I use the tf.nn.sigmoid_cross_entropy_with_logits function for loss, and it goes to NaN.
I already use gradient cropping, one place where tensor division is performed, I added epsilon to prevent division by zero, and arguments for all softmax functions are also added to epsilon.
However, I get NaN in the middle of training.
Are there any known issues in which tensor flow does this that I missed? This is rather unpleasant because the loss randomly goes to NaN during training and destroys everything.
In addition, how can I determine if a train step will lead to NaN and possibly skip this example altogether? Any suggestions?
EDIT: The Net is a Turing Neural Machine.
EDIT 2: I downloaded part of the code here . It is not commented on and makes sense to those who have already read the NTM article from Graves et al. available here: https://arxiv.org/abs/1410.5401
I'm not sure that all of my code follows exactly as the authors of the article suggested. I just do it as a practice, and I have no mentors to correct me.
EDIT 3: Here is the code for clipping the gradient:
optimizer = tf.train.AdamOptimizer(self.lr)

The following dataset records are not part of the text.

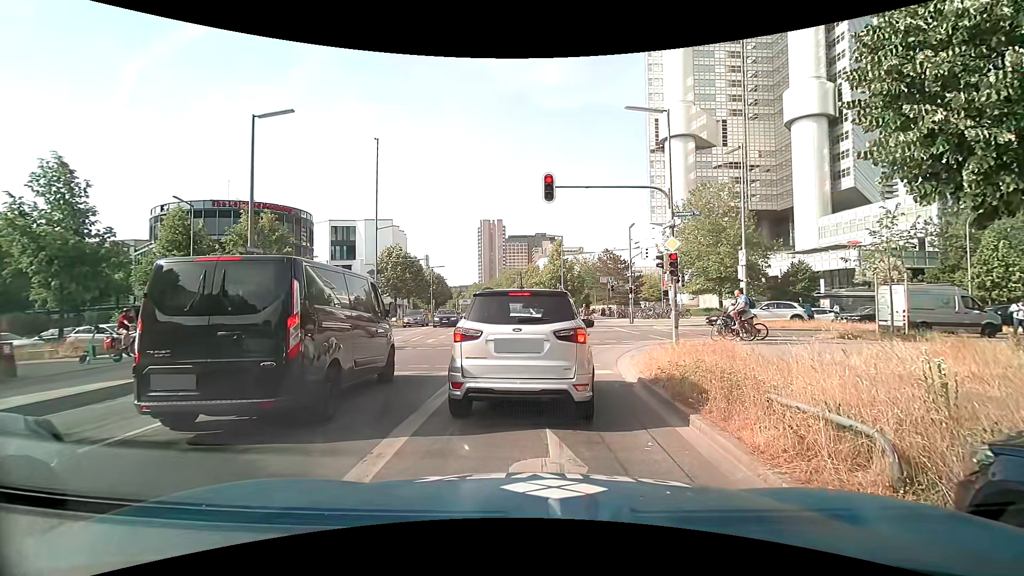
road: secondary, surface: asphalt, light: Day
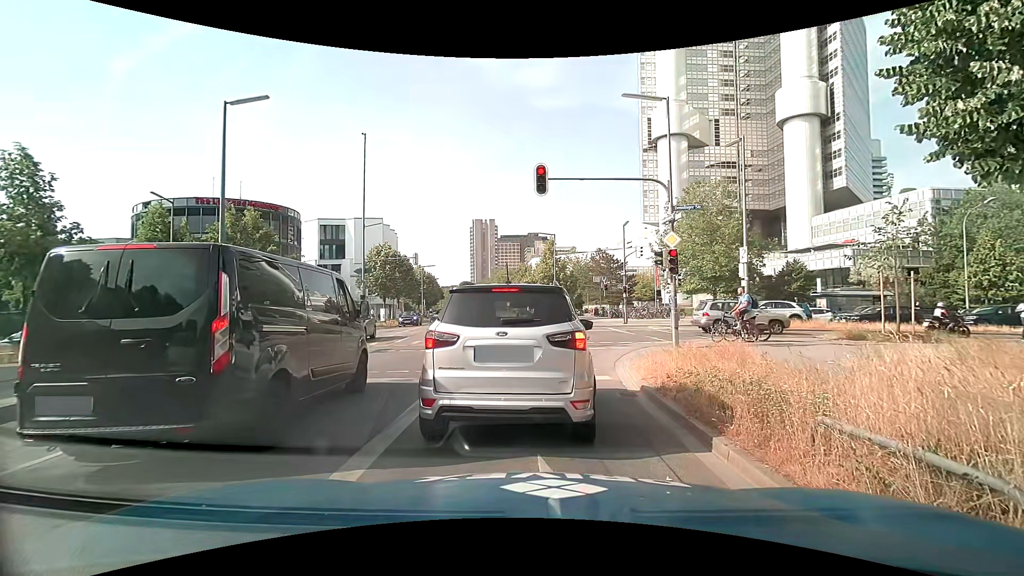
(0.0, +1.1) m; 0°
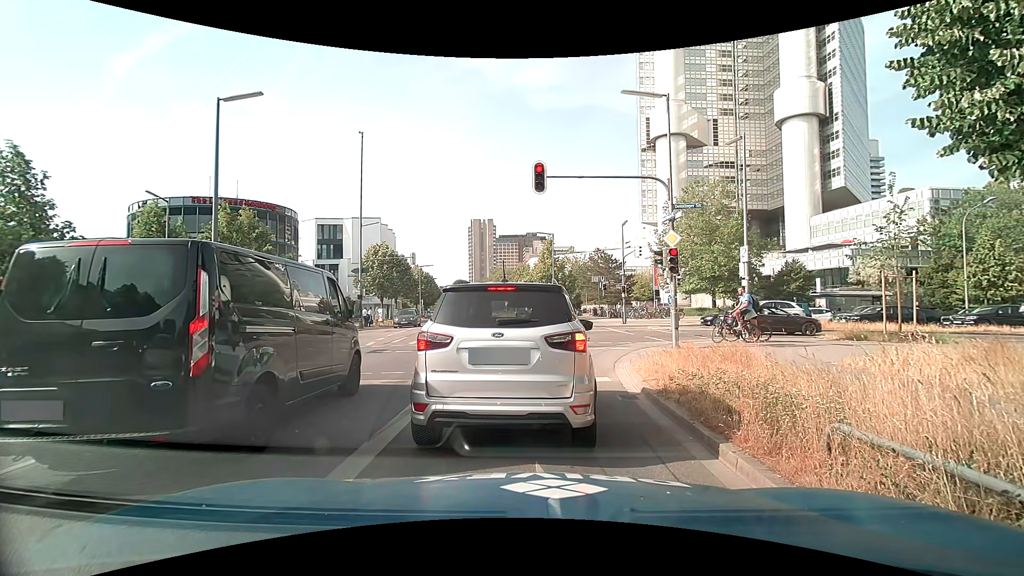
(0.0, +0.3) m; 0°
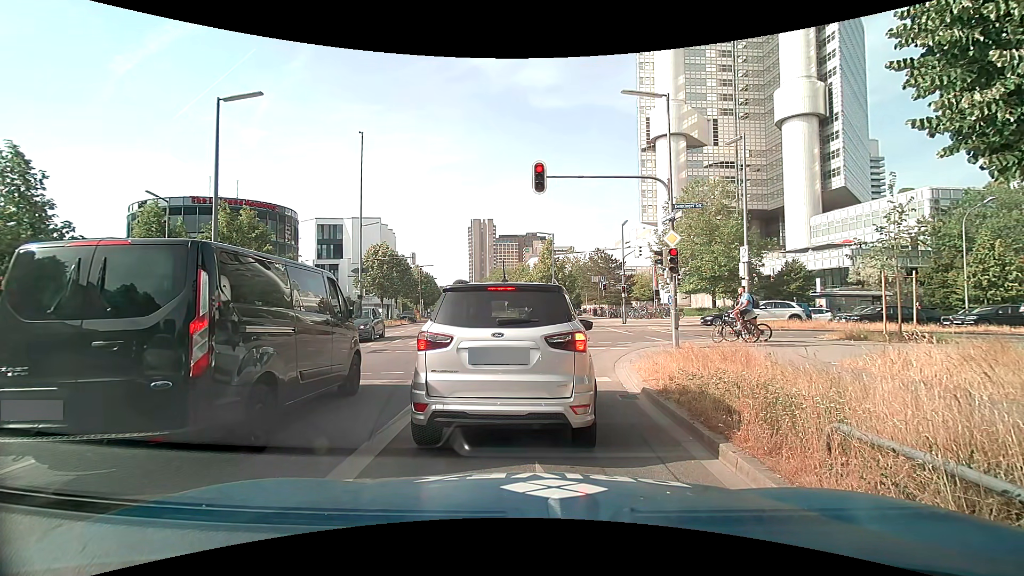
(0.0, 0.0) m; 0°
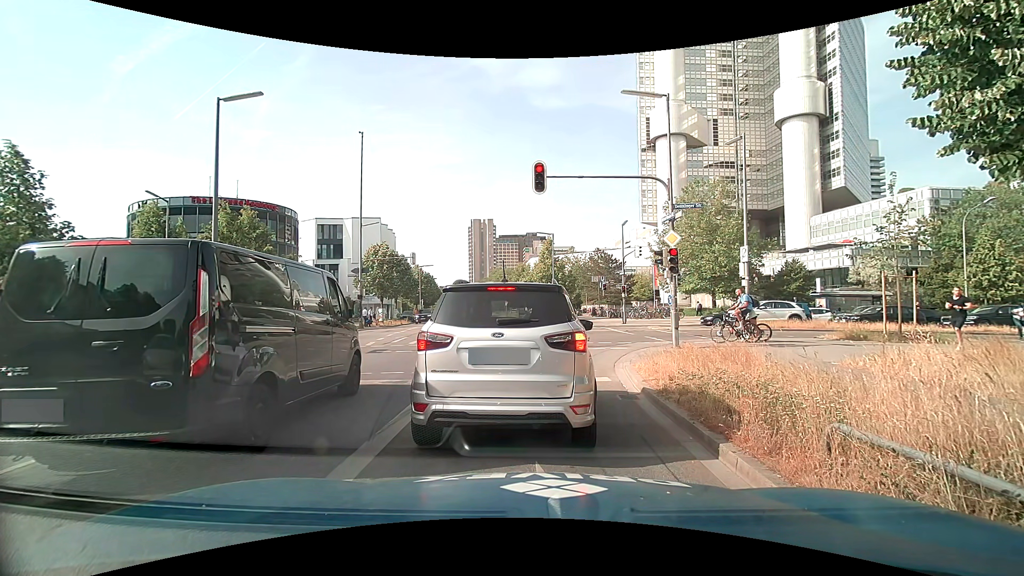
(0.0, 0.0) m; 0°
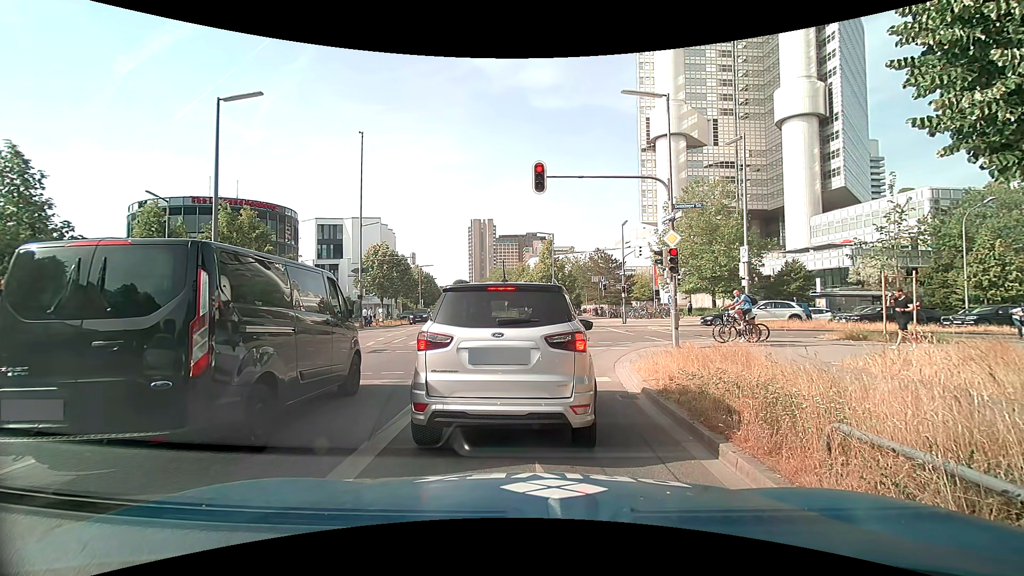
(0.0, 0.0) m; 0°
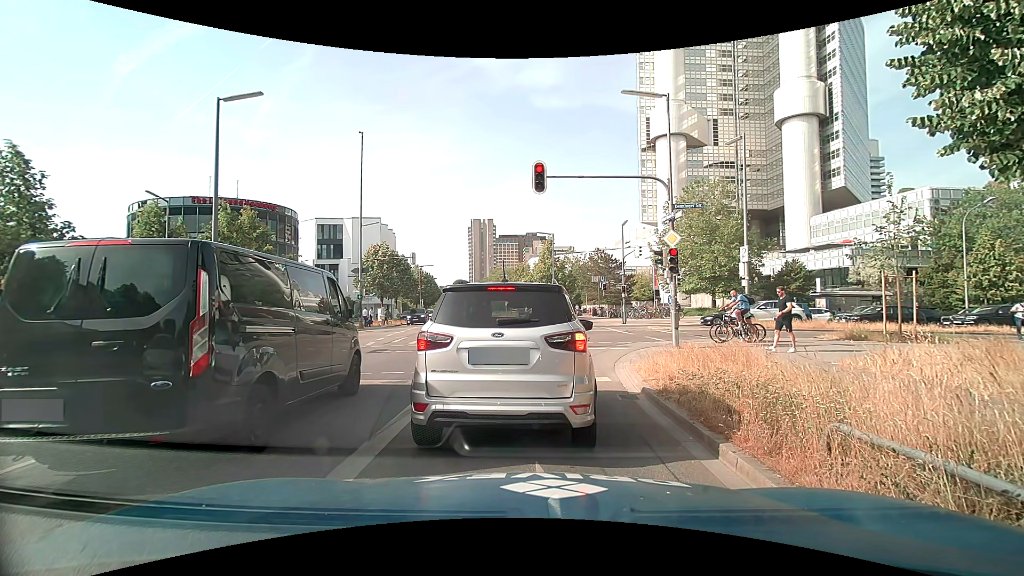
(0.0, 0.0) m; 0°
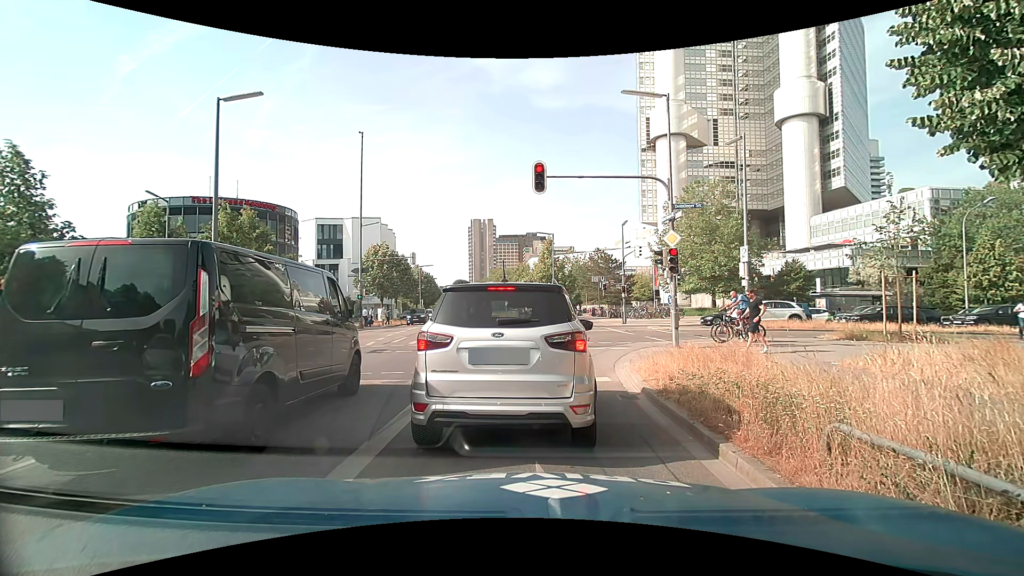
(0.0, 0.0) m; 0°

gvs = optimizer.compute_gradients(loss)
capped_gvs =\
[(tf.clip_by_value(grad, -1.0, 1.0), var) if grad != None else (grad, var) for grad, var in gvs]
train_step = optimizer.apply_gradients(capped_gvs)
I had to add a condition if grad != Nonebecause I got an error without it. Could the problem be here?
Potential solution: I have been using tf.contrib.losses.sigmoid_cross_entropy for a while, and so far the loss has not diverged. Will check a few more and report back.